Victorio Mistrall tersenyum lirih. "Jadikan itu sebagai rahasia ya… Jangan katakan pada sembarangan orang kecuali orang itu sudah sangat dekat denganmu dan kau bisa mempercayainya."

Shunsuke Suzuki terpelongo heran selama beberapa detik. Akan tetapi, akhirnya ia menganggukkan kepalanya dan menukas,

"Oke, Pak Ilmuwan… Rahasiamu aman bersamaku…"

"Oke, Anak Muda… Aku permisi dulu…" Victorio Mistrall berlalu dari hadapan Shunsuke Suzuki. Pas sekali pada saat itu, Ciciyo Suzuki melangkahkan kakinya keluar dari kamar mandi perempuan. Dia memandangi punggung ilmuwan Meksiko itu dengan sorot mata bingung.

"Siapa itu, Sayang?"

"Orang yang sekadar lewat… Sambil menunggumu, aku mengobrol-ngobrol ringan dengannya. Kok lama sekali, Sayang?" tanya Shunsuke Suzuki melingkarkan lengannya ke bahu istrinya.

Kedua suami istri itu mulai berjalan beriringan meninggalkan kamar mandi perempuan.

"Perutku mules sekali… Sepertinya sewaktu di hotel dan di pelabuhan tadi pagi, aku makan terlalu banyak, Sayang…"

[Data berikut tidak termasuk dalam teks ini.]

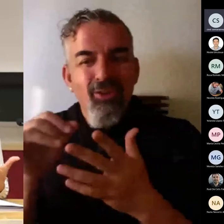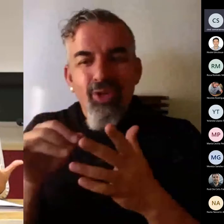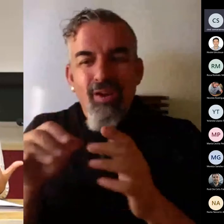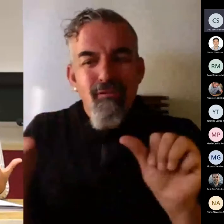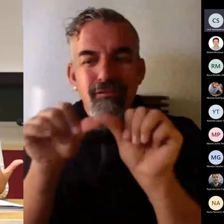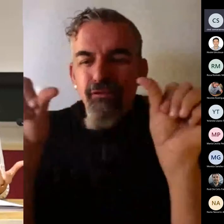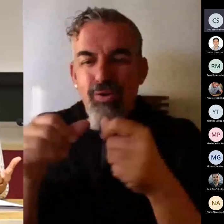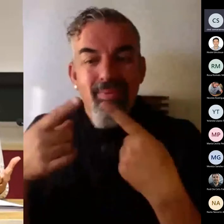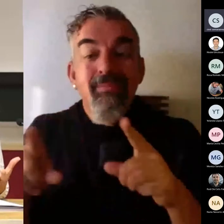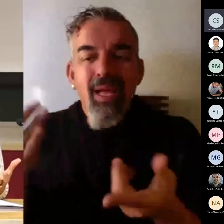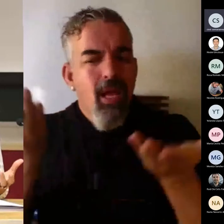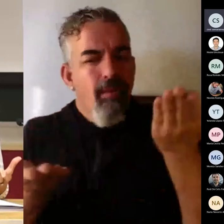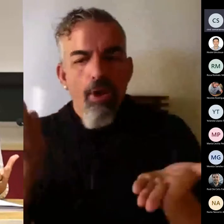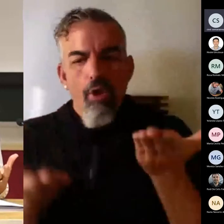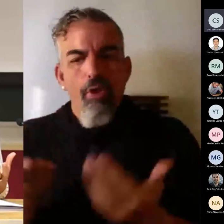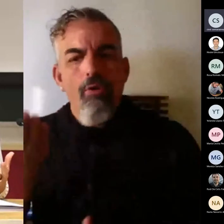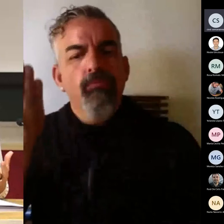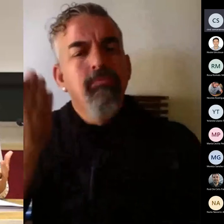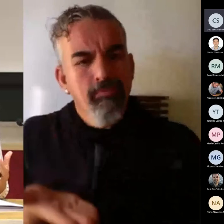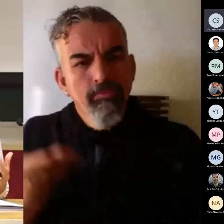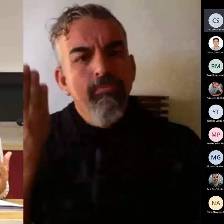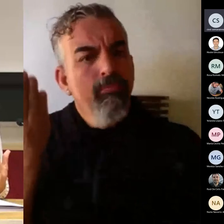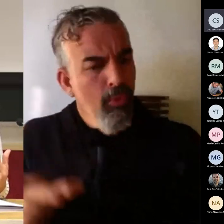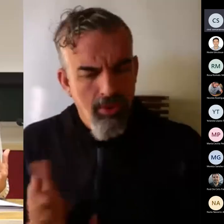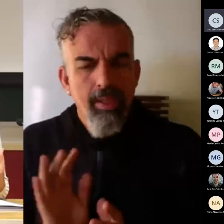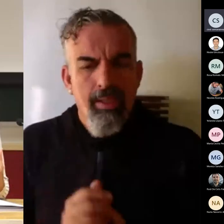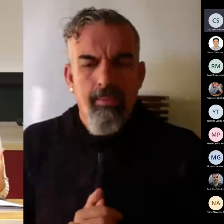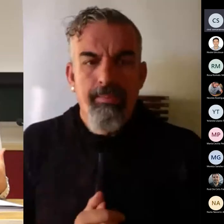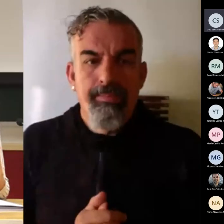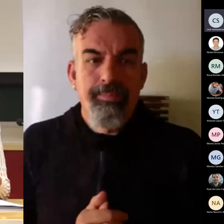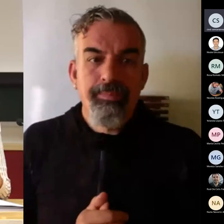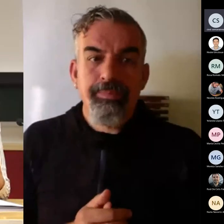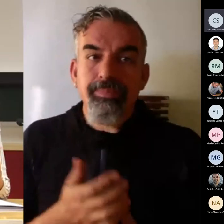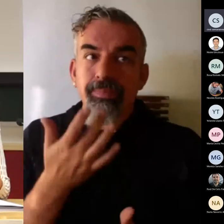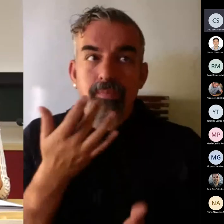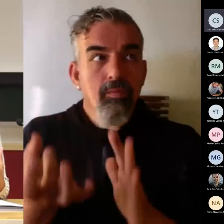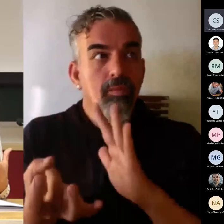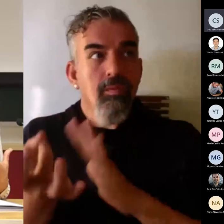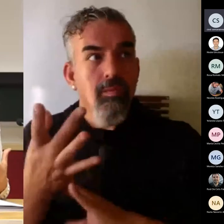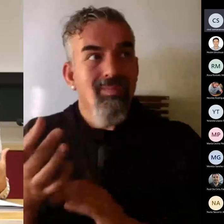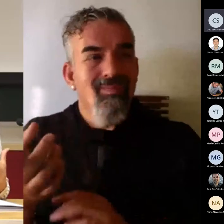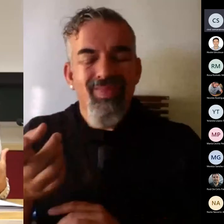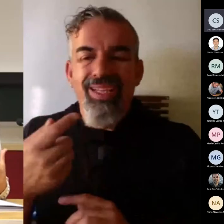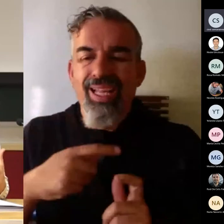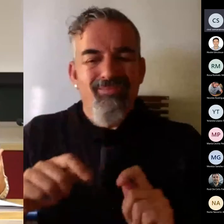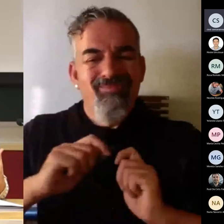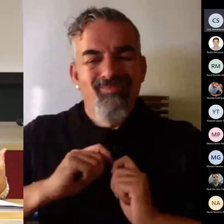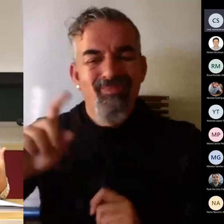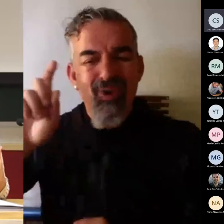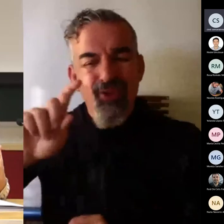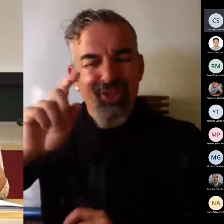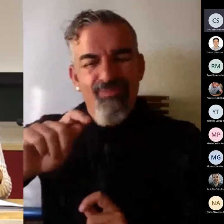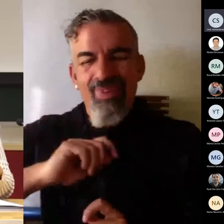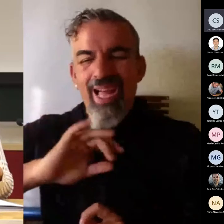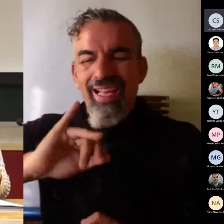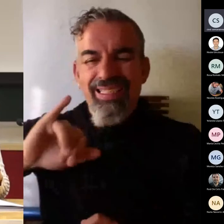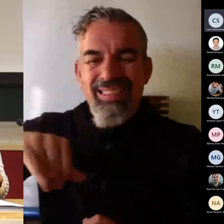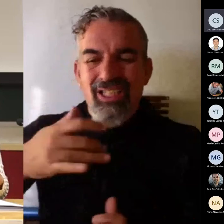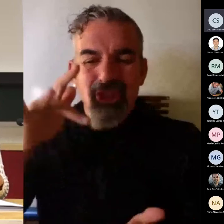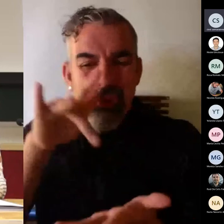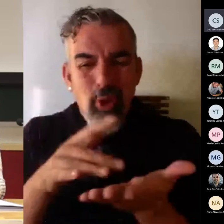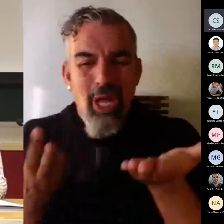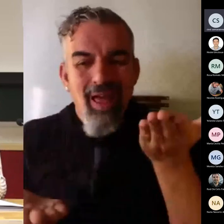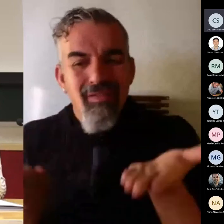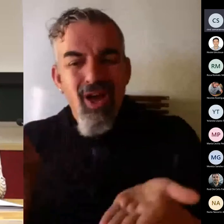la evaluación, la evaluación por completar. Ahora bien, ¿qué pasa? Que a nosotros nos pilla cansados. Cuando vamos a evaluar, si no hacemos
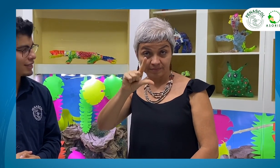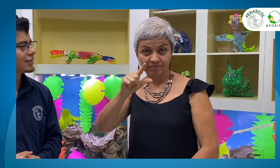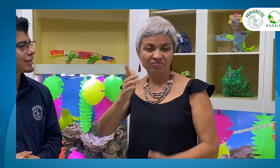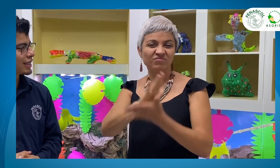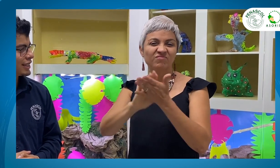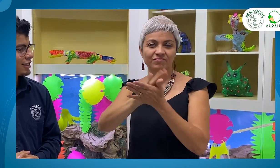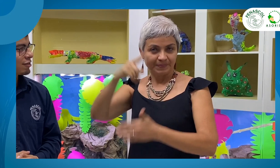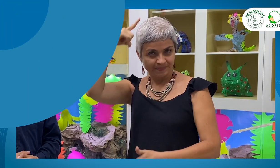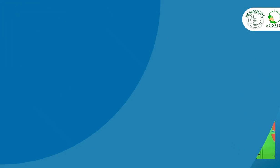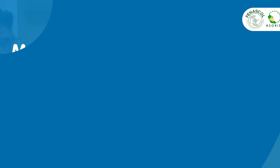Esta es mi seña.

"Jadi sekarang masih mules?"

"Tidak lagi sih…" Ciciyo Suzuki menggeleng lembut. Ia mulai terlihat bergelayut manja di lengan sang suami tampan.

"Oke deh… Kalau mules lagi, bilang ya, Sayang. Kita jumpai dokter dan makan obat dari dokter saja…" Membicarakan soal obat, mendadak Shunsuke Suzuki teringat lagi soal 'obat ajaib' yang dibicarakannya dengan si ilmuwan Meksiko tadi. Sampai detik itu, barulah Shunsuke Suzuki menyadari tadi ia lupa menanyakan siapa nama sang ilmuwan Meksiko itu.

"Mau ke mana kita sekarang, Sayang?" Ciciyo Suzuki tampak melangkahkan kedua kakinya dengan ringan nan santai.

"Ke tempat main biliar sebentar ya… Temani aku main biliar sebentar dengan si empat sekawan ya… Mau kan…?"

"Oke deh… Tapi habis itu kau mesti menemani aku ke sauna jam empatan sore nanti loh…" kata si istri dengan mata yang agak membulat.

"Pasti… Aku akan menemanimu nanti…" ujar sang suami mendaratkan satu kecupan mesra ke sepasang bibir si istri yang ranum, mungil, seksi nan menggemaskan.